Supplied material:
* * * * * * *

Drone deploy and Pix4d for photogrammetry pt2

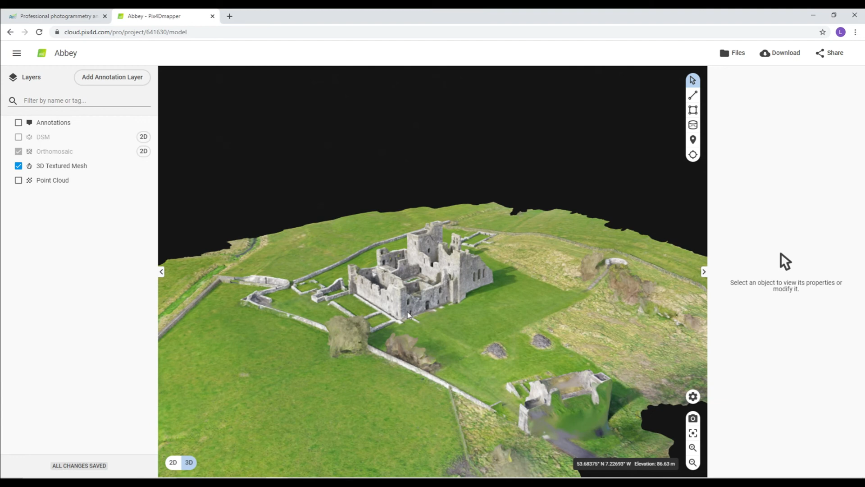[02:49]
As you can see, this model turned out ridiculously well. I tried this same model on Agisoft and it didn't work. The windows failed to load. It just left random holes in the walls. As you can see here, if we move the model, you can see actually through the windows. Really impressed with Pix4D.
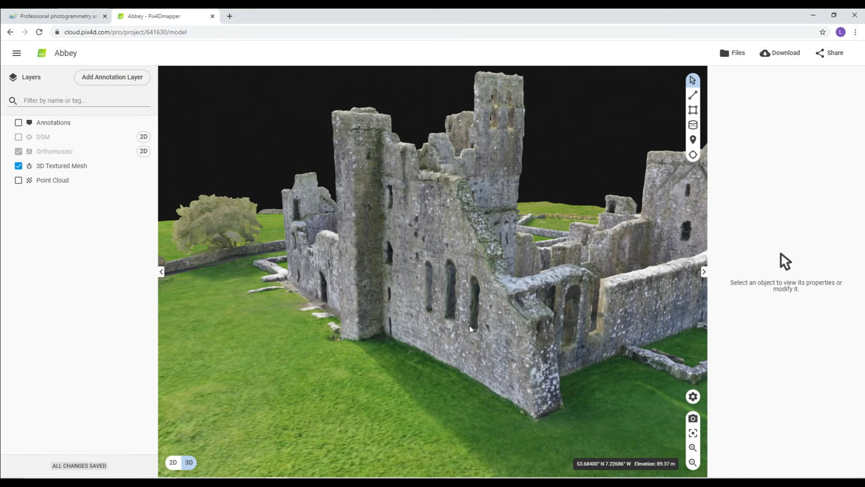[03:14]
Highly recommend it to anyone. Even the windows in the Bell Tower, which are quite small, they're see-through also.
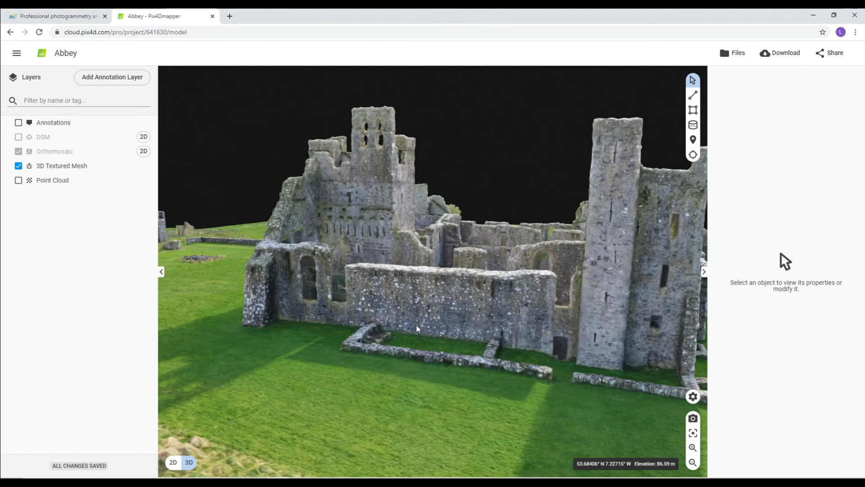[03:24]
The detail's incredible.
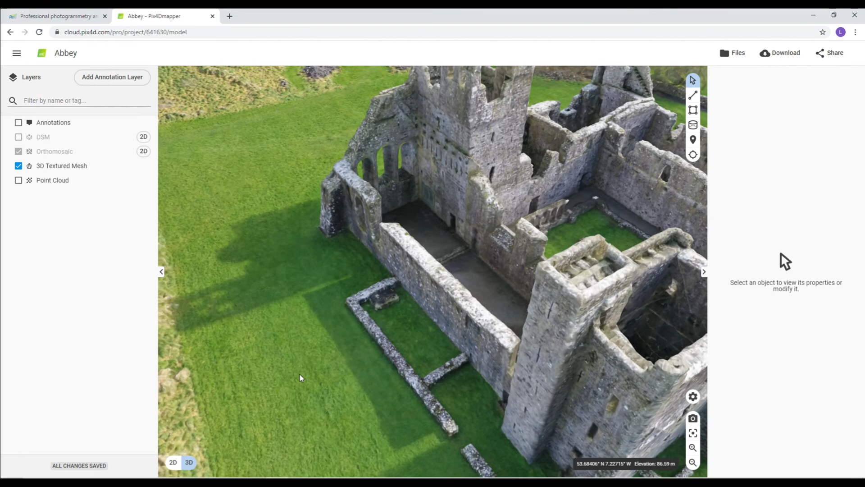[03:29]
You can see down in the courtyard, it's wee arches, it has managed to create those also.

* * * * * * *

What the task asks: Please give the records again word for word, omitting all images.

Output for this exercise:
Drone deploy and Pix4d for photogrammetry pt2

[02:49]
As you can see, this model turned out ridiculously well. I tried this same model on Agisoft and it didn't work. The windows failed to load. It just left random holes in the walls. As you can see here, if we move the model, you can see actually through the windows. Really impressed with Pix4D.
[03:14]
Highly recommend it to anyone. Even the windows in the Bell Tower, which are quite small, they're see-through also.
[03:24]
The detail's incredible.
[03:29]
You can see down in the courtyard, it's wee arches, it has managed to create those also.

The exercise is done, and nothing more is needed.